Menjadi generasi jomblo anti korupsi di Festival Jomblo Gorontalo 2016

Sejak mendapat infonya kurang lebih 2 minggu yang lalu, saya sudah tidak tertarik dengan event ini, selain karena namanya Festival Jomblo, iya jomblo, saya juga tidak suka datang ke event-event semacam ini. Saya akan lebih memilih datang ke kajian-kajian keilmuan atau ke kelas-kelas yang diadakan Akademi Berbagi (AkBer) karena bisa belajar hal-hal baru.
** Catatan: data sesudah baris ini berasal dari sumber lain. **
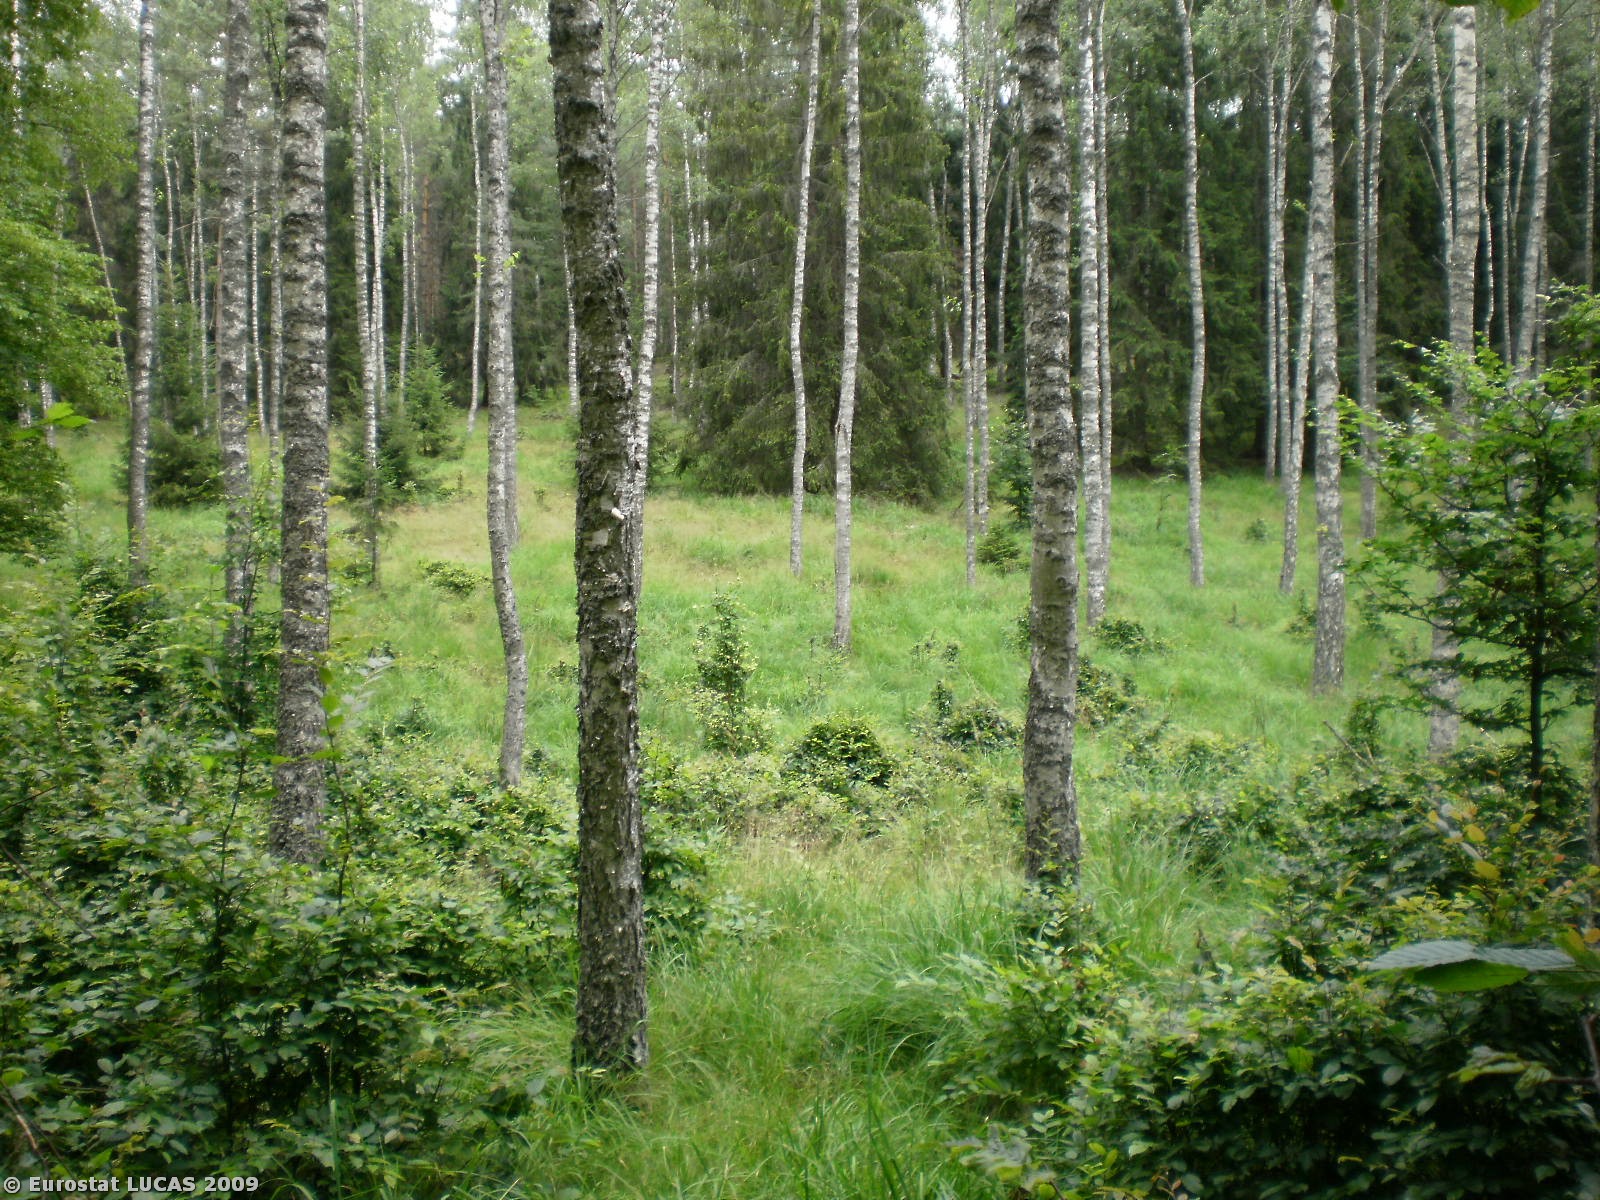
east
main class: Woodland
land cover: Broadleaved woodland
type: mesophytic deciduous forest
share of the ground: > 75 %
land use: Forestry
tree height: > 5 m
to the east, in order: Broadleaved woodland; Mixed woodland; Tracks; Coniferous woodland; Mixed woodland
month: July
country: PL
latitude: 53.7890
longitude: 19.9426

Tapi seperti kata pepatah Don’t judge a book by its cover, event yang dilaksanakan tepat tanggal 14 februari atau hari valentine ini ternyata punya gagasan besar yang coba diangkat, yaitu tentang korupsi dan jomblo tentunya, 2 isu penting negeri ini yang butuh solusi untuk mengatasinya. Di event ini ada satu agenda utama dimana para jomblo akan berdeklarasi bahwa Jomblo Anti Korupsi, yang kemudian diharapkan bahwa para jomblo bisa ambil bagian dalam agenda pemberantasan korupsi di Indonesia. Event ini juga untuk mendorong agar para jomblo bisa tetap produktif dan kreatif dalam berkarya.

“Hasil survey BPS jumlah jomblo di Indonesia yang kemungkinan mencapai 885.000 orang terancam menjomblo seumur hidup Sebagian dari mereka berada dalam garis yang melankolis dan galau sehingga tidak produktif dan kreatif” ~ Funco Tanipu, Direktur Pusat Studi Kebijakan dan Anti Korupsi Universitas Negeri Gorontalo

Festival Jomblo Gorontalo

Sehari sebelumnya saya mencari teman yang kira-kira bisa diajak ke Festival Jomblo ini, karena kalau saya berangkat sendirian pasti bakal ngenes, udah jomblo ditambah ngenes jadinya Jomblo ngenes. Yang terpikir saat itu adalah mengajak teman-teman yang tergabung di grup Whatsapp Gorontalo Blogger, karena sebelumnya kami punya rencana meet up yang belum terlaksana. Tidak banyak respon tapi beberapa orang menyanggupi untuk hadir, salah satunya adalah Eka, seorang Blogger yang saya kenal sejak dia masih kuliah di Malang, dan sampai dia pulang ke Gorontalo, kami belum pernah bertemu sekalipun. Hari itu juga rencananya kami akan membahas tentang project web Gorontalo, selama ini hanya di diskusikan di grup whatsapp tapi belum pernah dibicarakan secara tatap muka. 😁

Selamat Datang Jomblo
Selamat datang jombloers! (Pic by: @GorontaloUNITE)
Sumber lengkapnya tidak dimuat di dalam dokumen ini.